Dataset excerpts
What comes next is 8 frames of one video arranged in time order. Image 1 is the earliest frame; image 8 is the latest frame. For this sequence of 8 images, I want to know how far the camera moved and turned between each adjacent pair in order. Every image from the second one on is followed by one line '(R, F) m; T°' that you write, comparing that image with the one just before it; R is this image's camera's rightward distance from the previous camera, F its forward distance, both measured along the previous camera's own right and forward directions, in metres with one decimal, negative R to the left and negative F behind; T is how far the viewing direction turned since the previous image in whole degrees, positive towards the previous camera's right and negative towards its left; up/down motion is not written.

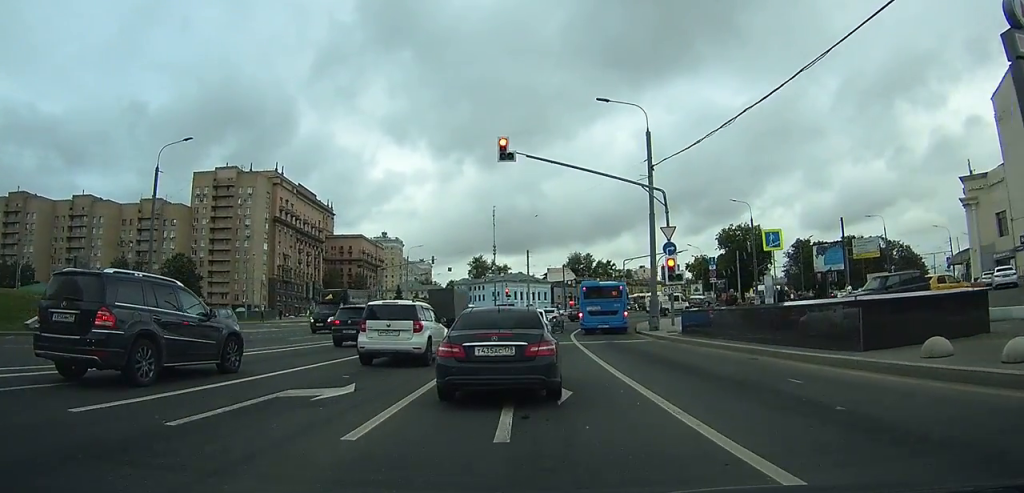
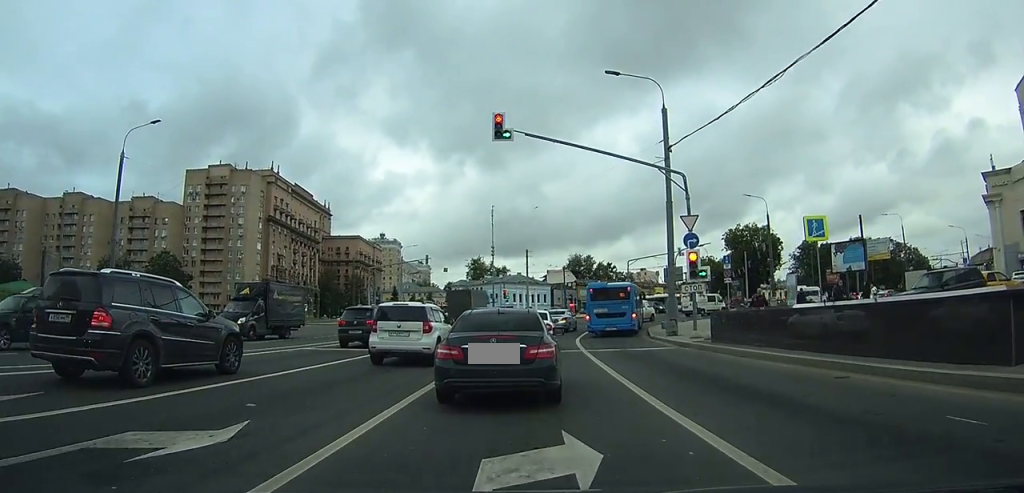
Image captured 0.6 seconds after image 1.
(0.0, +4.5) m; 0°
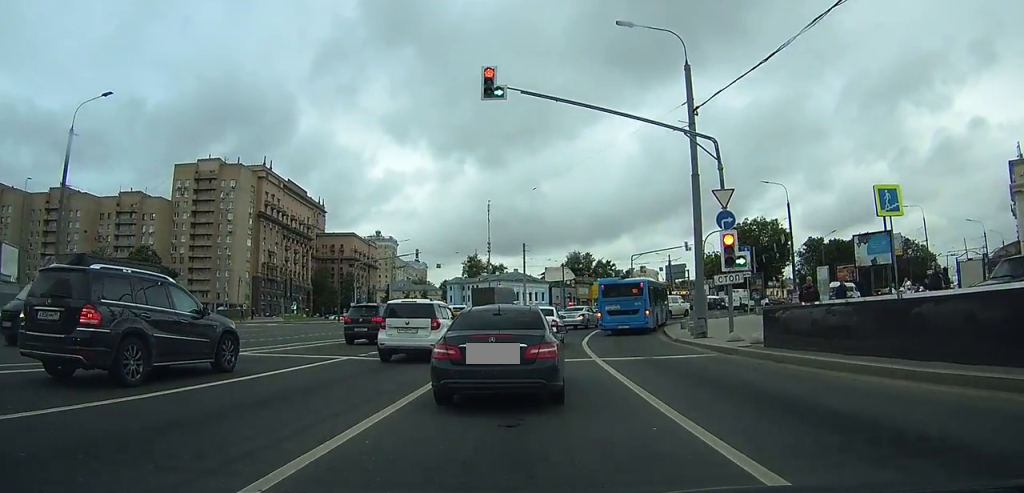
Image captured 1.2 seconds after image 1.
(0.0, +5.1) m; 0°
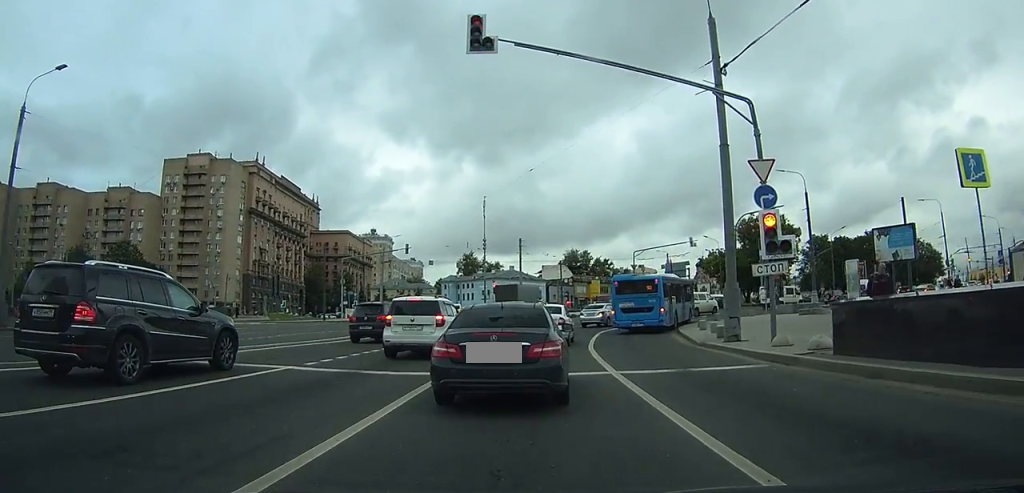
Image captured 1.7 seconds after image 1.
(0.0, +4.0) m; 0°
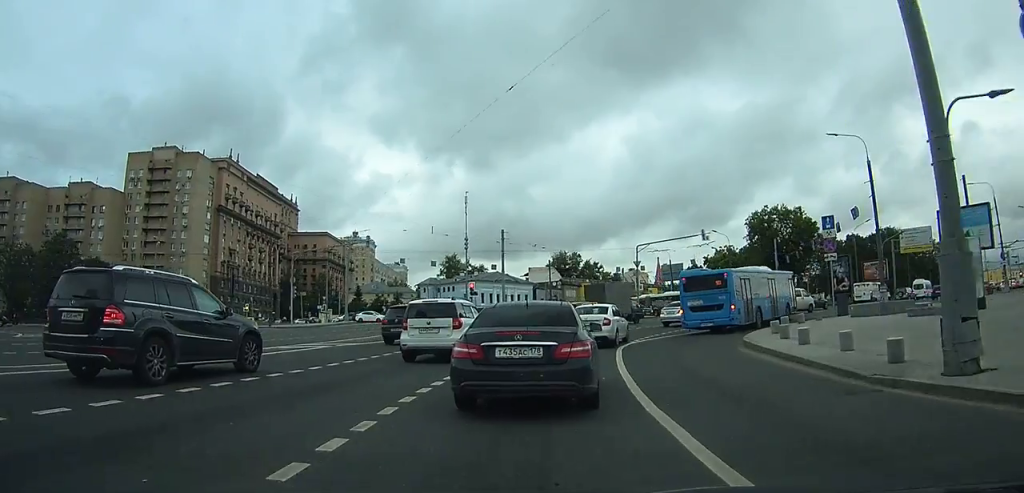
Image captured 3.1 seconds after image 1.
(+0.2, +11.2) m; +2°
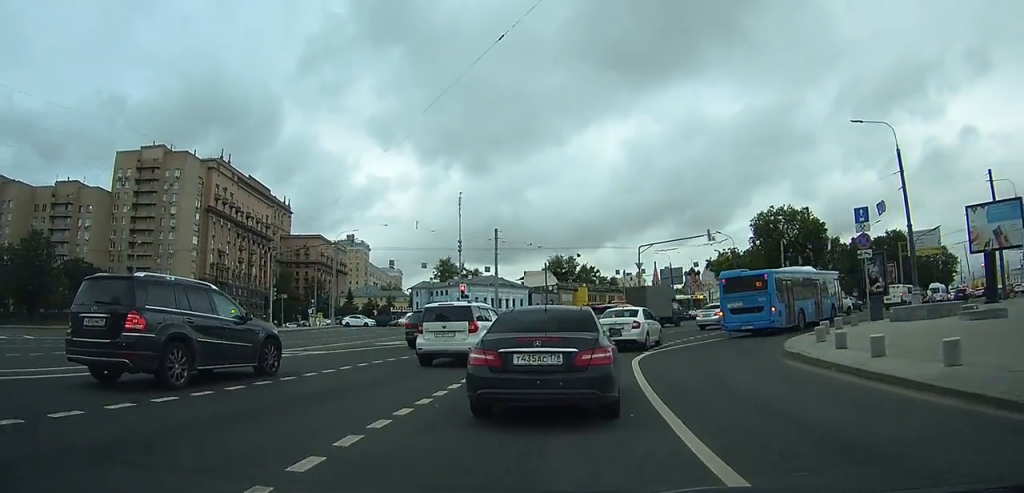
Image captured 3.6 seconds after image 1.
(0.0, +3.7) m; +1°
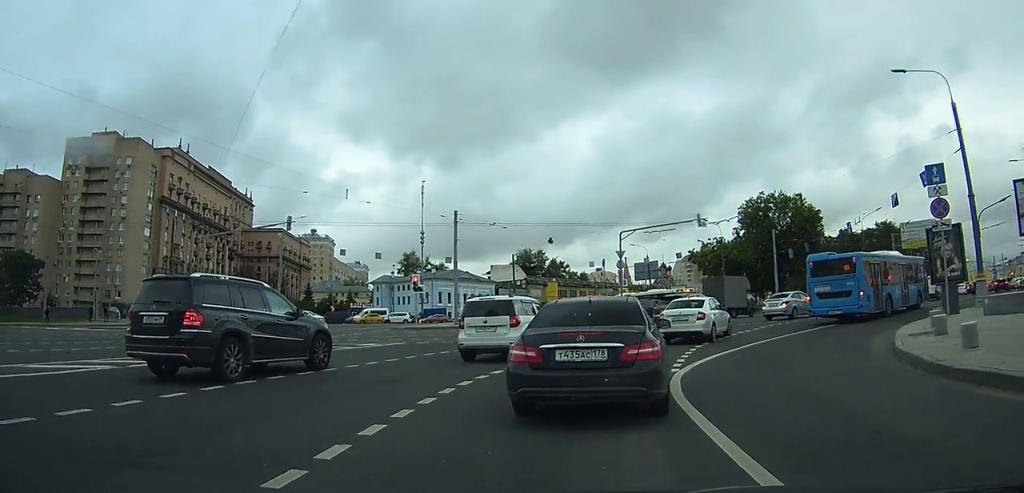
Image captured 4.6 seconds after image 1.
(+0.2, +7.7) m; +4°
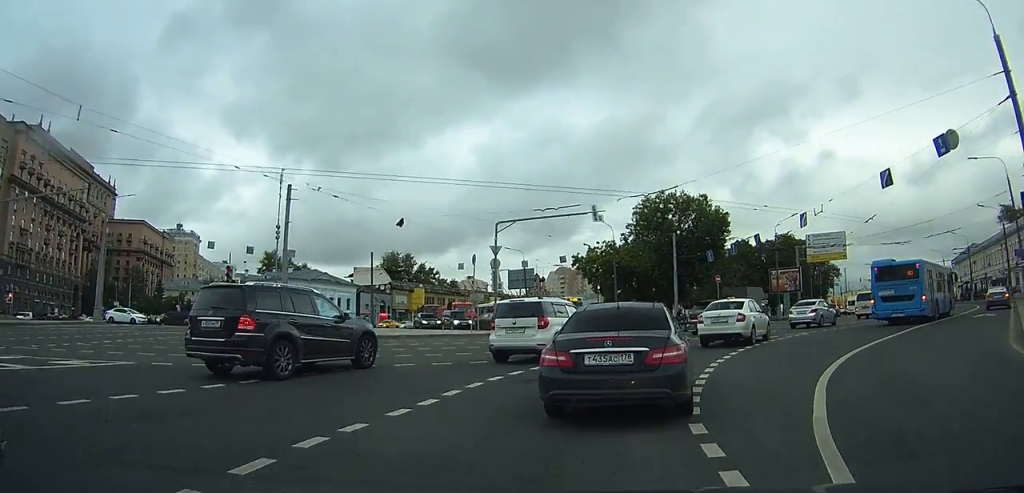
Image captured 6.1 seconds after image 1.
(+0.9, +11.0) m; +11°

Goal of the exercise: Write the lines from the one with "Image captured 1.2 seconds after image 1." through the last line of the entries out again exactly, both ends included, and skip the pictures.

Written answer:
Image captured 1.2 seconds after image 1.
(0.0, +5.1) m; 0°
Image captured 1.7 seconds after image 1.
(0.0, +4.0) m; 0°
Image captured 3.1 seconds after image 1.
(+0.2, +11.2) m; +2°
Image captured 3.6 seconds after image 1.
(0.0, +3.7) m; +1°
Image captured 4.6 seconds after image 1.
(+0.2, +7.7) m; +4°
Image captured 6.1 seconds after image 1.
(+0.9, +11.0) m; +11°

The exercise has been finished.